9018 90 31 Renal dialysis equipment (artificial kidneys, kidney machines and dialyzers)

In this situation, we refer to a settled law that wherever there is a conflict between a Rule/Regulation/Circular and an Act of Parliament, the latter will prevail. In consideration of this finding alone, we come to the conclusion that the product in question is correctly classifiable under the tariff item 9018 90 31, since we have no doubt that the subject product is the same product specified in the eight digit code 9018 90 31 of the First Schedule to the Customs Tariff Act, 1975.

The applicant has queried whether “Dialyzer” can be classified as ‘Disposable sterilized dialyzer or micro barrier of artificial kidney’ under Entry No. 255 of Schedule I to the Rate Notifications. Entry No. 255 of Schedule I to the Rate Notifications is reproduced as under:-

Since a dialyzer is used in performing the functions of a kidney, it goes without saying that it is required to be sterilized and free from contamination. We are also of the opinion that given the importance of the subject product in performing the work of a kidney albeit externally, the same should not be reused. The table above mentions that the sterilized dialyzer should be disposable i.e for a single use purpose only. The applicant has contended that the subject product are disposable in nature and are marketed as such. We are in agreement with the contention of the applicant that the subject product is performing a very crucial function in the case of persons suffering from kidney failure and therefore very critical and with contamination can also lead to serious consequences in such patients. In normal circumstances and in all situations such dialyzers should not be reused and in fact are not being reused which therefore implies that they are disposed of after a single use,

In view of the above discussions and applicant’s submissions, we hold that the subject product, namely, ‘dialyzers’ are used in sterilized form and are also disposable after single use.

Hence the same will be covered under Entry No. 255 of Schedule I to the Rate Notifications.

06. In view of the deliberations as held hereinabove, we pass the order as under :

ORDER

(under section 98 of the Central Goods and Services Tax Act, 2017 and the Maharashtra Goods and Services Tax Act, 2017)
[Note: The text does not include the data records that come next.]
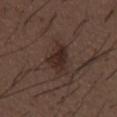Case summary:
- workup · catalogued during a skin exam; not biopsied
- subject · male, in their 50s
- imaging modality · ~15 mm crop, total-body skin-cancer survey
- body site · the abdomen
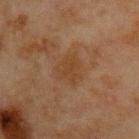<tbp_lesion>
<biopsy_status>not biopsied; imaged during a skin examination</biopsy_status>
<patient>
  <sex>male</sex>
  <age_approx>65</age_approx>
</patient>
<image>
  <source>total-body photography crop</source>
  <field_of_view_mm>15</field_of_view_mm>
</image>
<lighting>cross-polarized</lighting>
<automated_metrics>
  <cielab_L>33</cielab_L>
  <cielab_a>16</cielab_a>
  <cielab_b>28</cielab_b>
  <vs_skin_darker_L>4.0</vs_skin_darker_L>
  <vs_skin_contrast_norm>5.5</vs_skin_contrast_norm>
  <border_irregularity_0_10>3.0</border_irregularity_0_10>
  <color_variation_0_10>2.0</color_variation_0_10>
  <peripheral_color_asymmetry>0.5</peripheral_color_asymmetry>
  <nevus_likeness_0_100>0</nevus_likeness_0_100>
  <lesion_detection_confidence_0_100>100</lesion_detection_confidence_0_100>
</automated_metrics>
<site>front of the torso</site>
<lesion_size>
  <long_diameter_mm_approx>3.5</long_diameter_mm_approx>
</lesion_size>
</tbp_lesion>
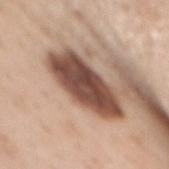follow-up: total-body-photography surveillance lesion; no biopsy | illumination: white-light | automated metrics: a lesion color around L≈47 a*≈20 b*≈26 in CIELAB, a lesion–skin lightness drop of about 21, and a lesion-to-skin contrast of about 14 (normalized; higher = more distinct); border irregularity of about 3 on a 0–10 scale, a within-lesion color-variation index near 5/10, and a peripheral color-asymmetry measure near 1.5; a detector confidence of about 100 out of 100 that the crop contains a lesion | subject: female, approximately 50 years of age | image source: ~15 mm tile from a whole-body skin photo | diameter: ~9 mm (longest diameter) | site: the back.
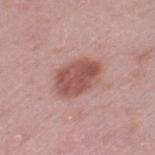The lesion was tiled from a total-body skin photograph and was not biopsied. Imaged with white-light lighting. A female subject, in their 40s. Automated tile analysis of the lesion measured a lesion color around L≈53 a*≈24 b*≈24 in CIELAB, about 12 CIELAB-L* units darker than the surrounding skin, and a lesion-to-skin contrast of about 8.5 (normalized; higher = more distinct). Measured at roughly 5 mm in maximum diameter. A 15 mm close-up extracted from a 3D total-body photography capture. Located on the left thigh.
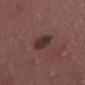Imaged during a routine full-body skin examination; the lesion was not biopsied and no histopathology is available.
Automated image analysis of the tile measured an average lesion color of about L≈31 a*≈17 b*≈16 (CIELAB) and a lesion–skin lightness drop of about 10. The software also gave internal color variation of about 2.5 on a 0–10 scale and peripheral color asymmetry of about 1. The software also gave an automated nevus-likeness rating near 45 out of 100 and a lesion-detection confidence of about 100/100.
A female patient, approximately 40 years of age.
Captured under white-light illumination.
About 3.5 mm across.
The lesion is on the leg.
This image is a 15 mm lesion crop taken from a total-body photograph.
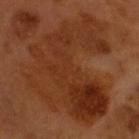Approximately 13 mm at its widest.
The subject is a male aged approximately 60.
Captured under cross-polarized illumination.
A lesion tile, about 15 mm wide, cut from a 3D total-body photograph.
An algorithmic analysis of the crop reported an eccentricity of roughly 0.75 and a shape-asymmetry score of about 0.5 (0 = symmetric). And it measured a border-irregularity index near 7.5/10 and a color-variation rating of about 6/10. The software also gave a classifier nevus-likeness of about 0/100 and a detector confidence of about 100 out of 100 that the crop contains a lesion.
The lesion is on the head or neck.
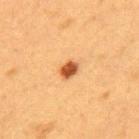<record>
  <biopsy_status>not biopsied; imaged during a skin examination</biopsy_status>
  <automated_metrics>
    <area_mm2_approx>4.0</area_mm2_approx>
    <eccentricity>0.7</eccentricity>
    <shape_asymmetry>0.25</shape_asymmetry>
    <nevus_likeness_0_100>100</nevus_likeness_0_100>
    <lesion_detection_confidence_0_100>100</lesion_detection_confidence_0_100>
  </automated_metrics>
  <image>
    <source>total-body photography crop</source>
    <field_of_view_mm>15</field_of_view_mm>
  </image>
  <lighting>cross-polarized</lighting>
  <patient>
    <sex>female</sex>
    <age_approx>40</age_approx>
  </patient>
  <site>mid back</site>
</record>
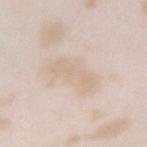Impression: Recorded during total-body skin imaging; not selected for excision or biopsy. Clinical summary: On the right forearm. Longest diameter approximately 5 mm. The patient is a female aged around 25. Imaged with white-light lighting. A close-up tile cropped from a whole-body skin photograph, about 15 mm across.
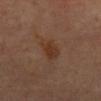biopsy_status: not biopsied; imaged during a skin examination
site: mid back
automated_metrics:
  cielab_L: 32
  cielab_a: 18
  cielab_b: 27
  vs_skin_darker_L: 6.0
  vs_skin_contrast_norm: 7.0
image:
  source: total-body photography crop
  field_of_view_mm: 15
lighting: cross-polarized
patient:
  sex: male
  age_approx: 70
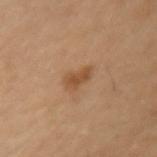workup: no biopsy performed (imaged during a skin exam)
image: 15 mm crop, total-body photography
lesion size: ~3 mm (longest diameter)
patient: female, approximately 50 years of age
site: the left upper arm
tile lighting: cross-polarized
automated lesion analysis: a border-irregularity rating of about 3/10 and internal color variation of about 1.5 on a 0–10 scale; an automated nevus-likeness rating near 65 out of 100
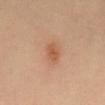Part of a total-body skin-imaging series; this lesion was reviewed on a skin check and was not flagged for biopsy.
The tile uses cross-polarized illumination.
The lesion is located on the mid back.
A region of skin cropped from a whole-body photographic capture, roughly 15 mm wide.
Automated image analysis of the tile measured a within-lesion color-variation index near 2/10.
Measured at roughly 2.5 mm in maximum diameter.
A female subject aged 38–42.
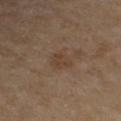On the arm. The total-body-photography lesion software estimated a lesion area of about 4 mm², an outline eccentricity of about 0.7 (0 = round, 1 = elongated), and a symmetry-axis asymmetry near 0.4. And it measured a border-irregularity index near 4/10 and internal color variation of about 1 on a 0–10 scale. Captured under cross-polarized illumination. Cropped from a total-body skin-imaging series; the visible field is about 15 mm. The patient is a female aged 58–62.
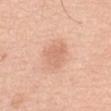The lesion was photographed on a routine skin check and not biopsied; there is no pathology result. A 15 mm close-up extracted from a 3D total-body photography capture. Automated image analysis of the tile measured a lesion color around L≈67 a*≈23 b*≈33 in CIELAB, a lesion–skin lightness drop of about 8, and a lesion-to-skin contrast of about 5 (normalized; higher = more distinct). On the front of the torso. Measured at roughly 3 mm in maximum diameter. The tile uses white-light illumination. A male patient, aged around 70.
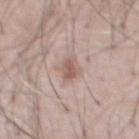workup: no biopsy performed (imaged during a skin exam)
image-analysis metrics: a mean CIELAB color near L≈57 a*≈17 b*≈24, about 10 CIELAB-L* units darker than the surrounding skin, and a lesion-to-skin contrast of about 7 (normalized; higher = more distinct); internal color variation of about 1.5 on a 0–10 scale and a peripheral color-asymmetry measure near 0.5; a classifier nevus-likeness of about 70/100
image: ~15 mm crop, total-body skin-cancer survey
anatomic site: the abdomen
patient: male, aged 63–67
diameter: about 3 mm
lighting: white-light illumination
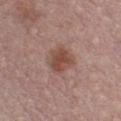Impression:
Part of a total-body skin-imaging series; this lesion was reviewed on a skin check and was not flagged for biopsy.
Context:
A 15 mm crop from a total-body photograph taken for skin-cancer surveillance. The tile uses white-light illumination. Measured at roughly 3.5 mm in maximum diameter. The subject is a male aged 28–32. Automated image analysis of the tile measured a shape eccentricity near 0.4 and a shape-asymmetry score of about 0.2 (0 = symmetric). The analysis additionally found a lesion color around L≈48 a*≈21 b*≈25 in CIELAB, about 10 CIELAB-L* units darker than the surrounding skin, and a normalized lesion–skin contrast near 7.5. The analysis additionally found a border-irregularity index near 2/10, a color-variation rating of about 3/10, and a peripheral color-asymmetry measure near 1. And it measured a nevus-likeness score of about 65/100.
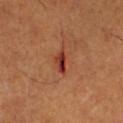The lesion was tiled from a total-body skin photograph and was not biopsied. Approximately 3 mm at its widest. On the left lower leg. A close-up tile cropped from a whole-body skin photograph, about 15 mm across. A male patient, aged 48–52.
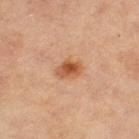follow-up: total-body-photography surveillance lesion; no biopsy
illumination: cross-polarized
anatomic site: the left thigh
patient: female, about 70 years old
image source: ~15 mm crop, total-body skin-cancer survey
size: about 3 mm

NO.GST-ARA-141/2018-19/B-94

Mumbai, dt. 23-08-2019

For reasons as discussed in the body of the order, the question is answered thus –

Question 1. “Whether on facts and circumstances of the case, the product “Dialyzer” be treated as ‘Disposable sterilized dialyzer or micro barrier of artificial kidney’ as mentioned under Entry No. 255 of Schedule I to Notification Number 1/2017-Central Tax (Rate), dated 28 June 2017 and Notification Number 1/2017-lntegrated Tax (Rate), dated 28 June 2017 (Collectively referred to as the ‘Rate Notifications’)

Answer :- Answered in the affirmative.

Question 2. If the said product “Dialyzer” falls under Entry No. 255 of Schedule I to the Rate Notifications, whether it would be classified under Chapter 90 (i.e. Tariff item 9018 90 31) or Chapter 84 (i.e. Tariff item 8421 29 00).

Answer:- The product is classifiable in the tariff item 9018 90 31.